Differences Between Category Learning and Other Learning Tasks

In an attempt to come to grips with the surprising results we have reported, we believe that it would be helpful to point out some differences between the situation we have investigated—family-resemblance category learning—and the situations most often used as evidence for limited attention and error-based learning, the probability learning task and classical conditioning. Of course, such a discussion at this stage must be somewhat speculative.

Consider first classical conditioning. In Kamin's (1969) blocking paradigm, he first conditioned rats in the blocking condition to expect a shock after, say, a flash of light. In the second stage, all rats (blocking and control) received a shock after a compound stimulus consisting of the light plus a tone.
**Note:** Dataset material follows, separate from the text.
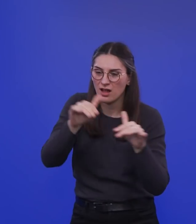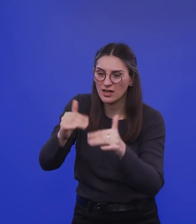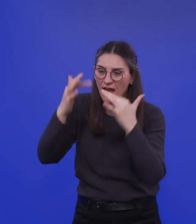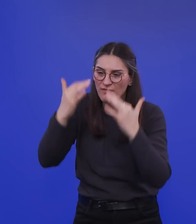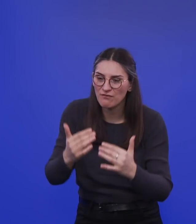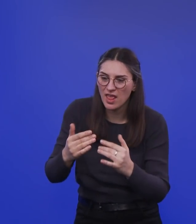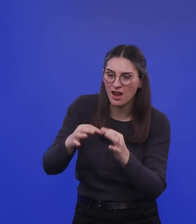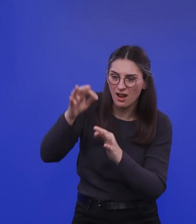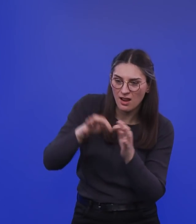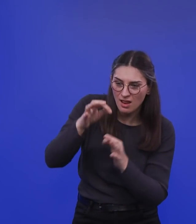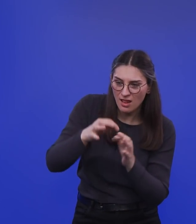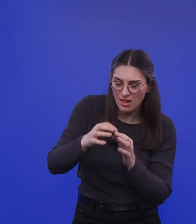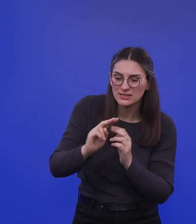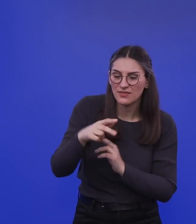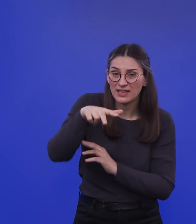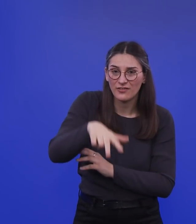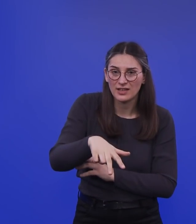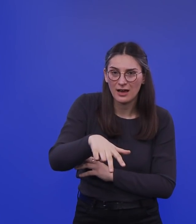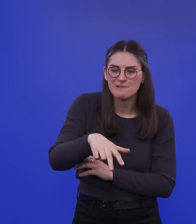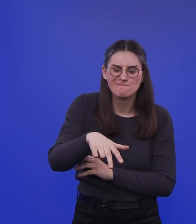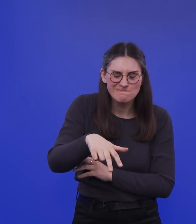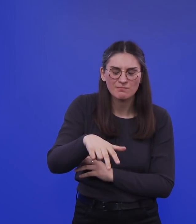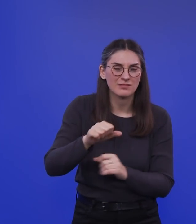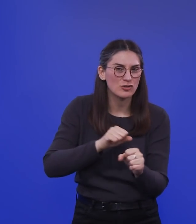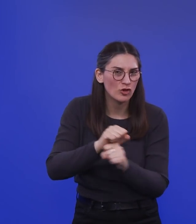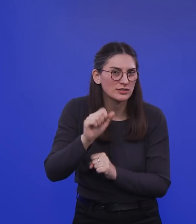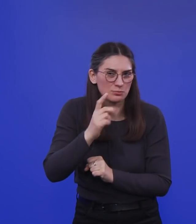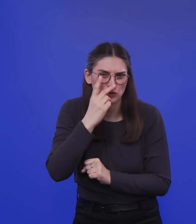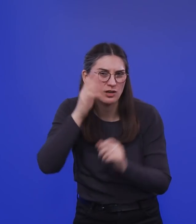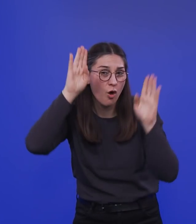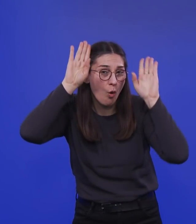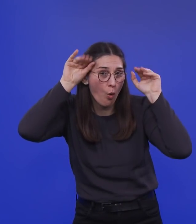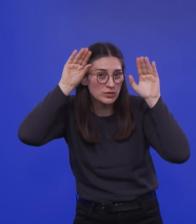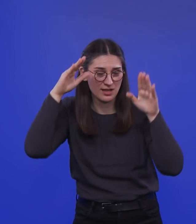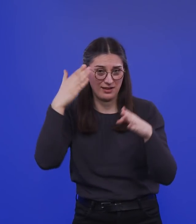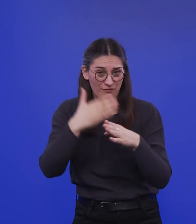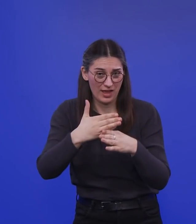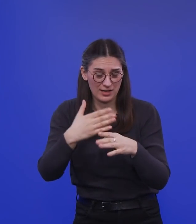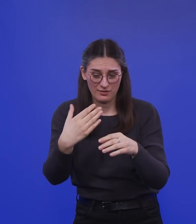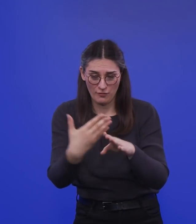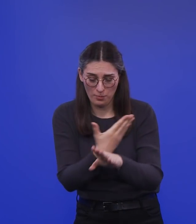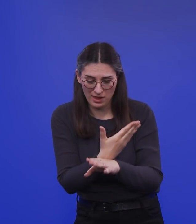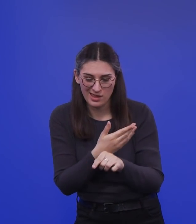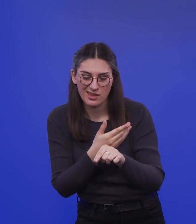immer einschränken und sich klarmachen, nach Ostern werden wir also noch nicht diesen Effekt nutzen können der
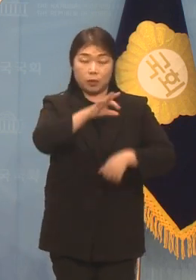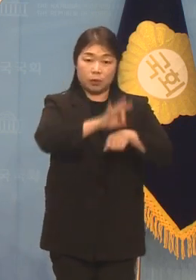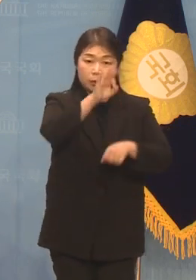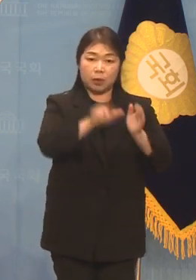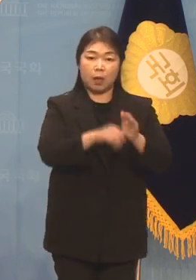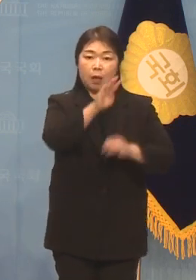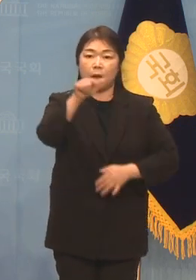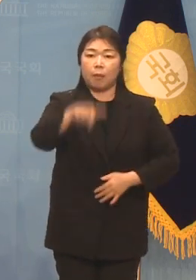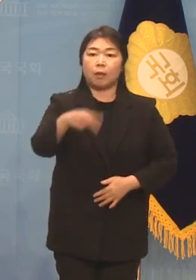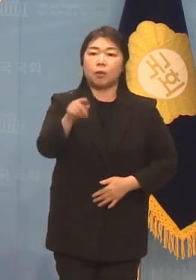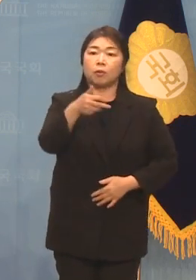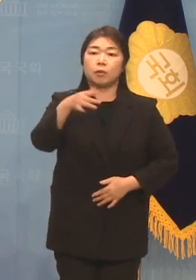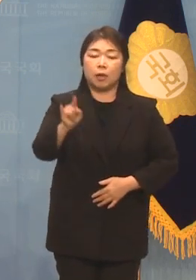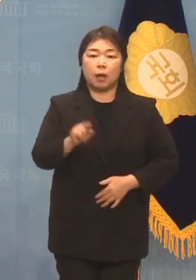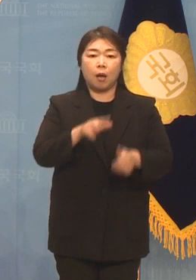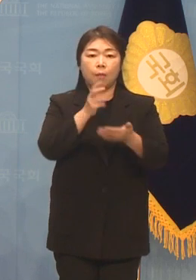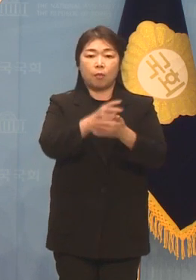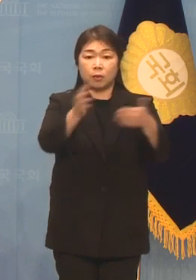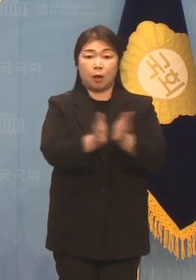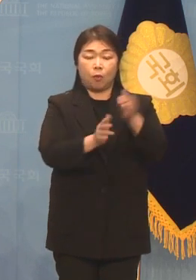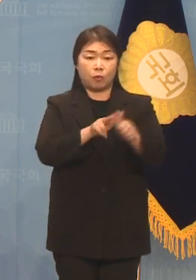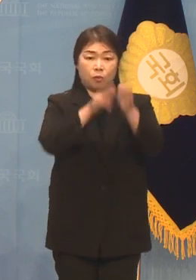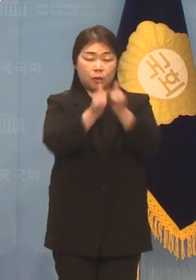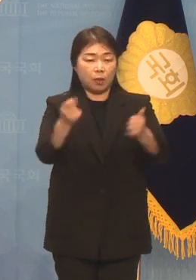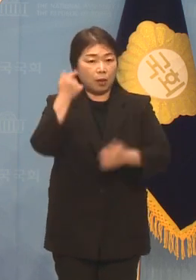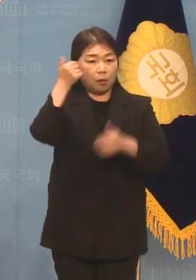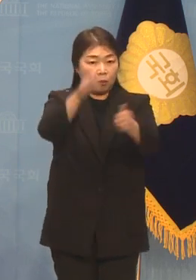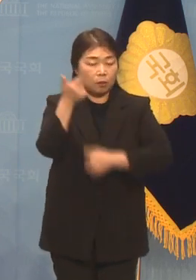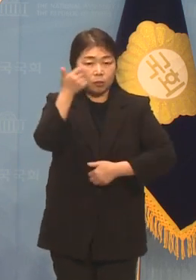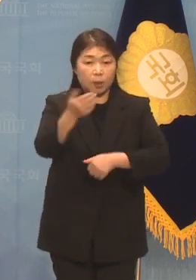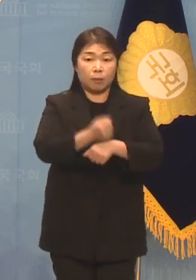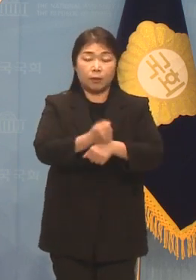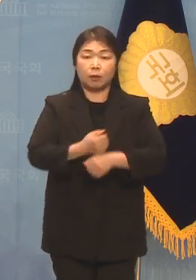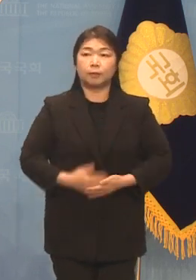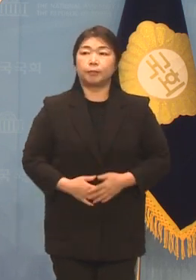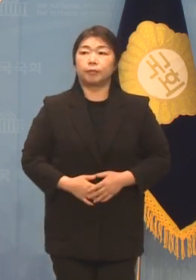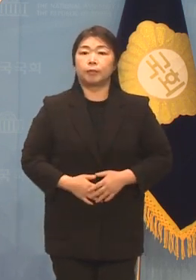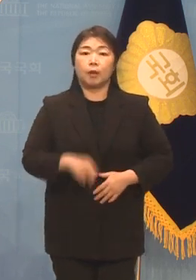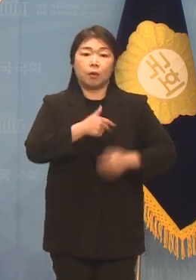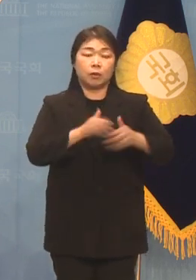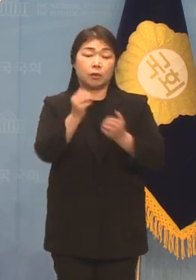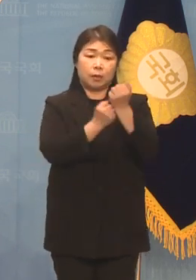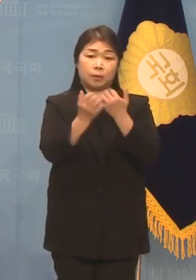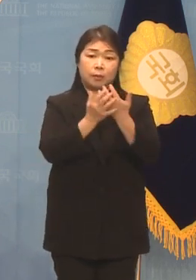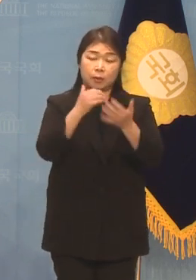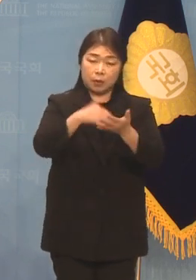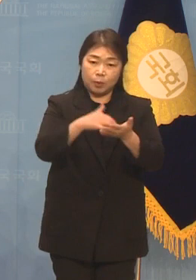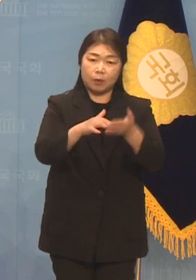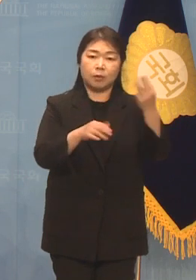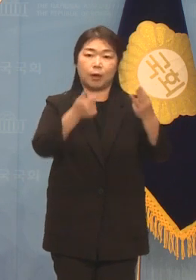장관 후보자 인사청문회를 실시할 예정입니다. 이번주 의원실 정책세미나는 모두 3건입니다.

Then, to assess association strength, Kamin measured how much the hungry rat slowed its eating in response to one of the stimuli. Whereas the control rats slowed eating in response to the tone, the rats in the blocking condition did not. In other words, the rats did not learn that the tone from the compound stimulus predicted a shock if they had already learned that the light predicted the shock. Learning the light-shock association blocked learning of the redundant tone-shock association.

Some of the differences between our experimental paradigm and the conditioning paradigm are so obvious that they hardly bear mentioning. Yet, it may be those differences that are the important ones. Clearly, the rat is not learning a concept. The light and tone are physically unconnected events that do not seem to arise from a single object or class of objects. The rat is not interested in learning about a concept—it only wishes to recognize when the shock will come. So, the rat does not need to learn additional information. We might contrast this with a situation in which the rat encounters a novel animal, with a variety of visual properties, sounds, actions, smells, and so forth. Now, the features are unified in a single object rather than being truly independent cues, and the rat might now learn more than one property of this animal. Our human subjects had a situation more like this, in contrast to the unrelated light and tone in conditioning experiments. Thus, the goals inherent in a learning situation may be a critical aspect to consider.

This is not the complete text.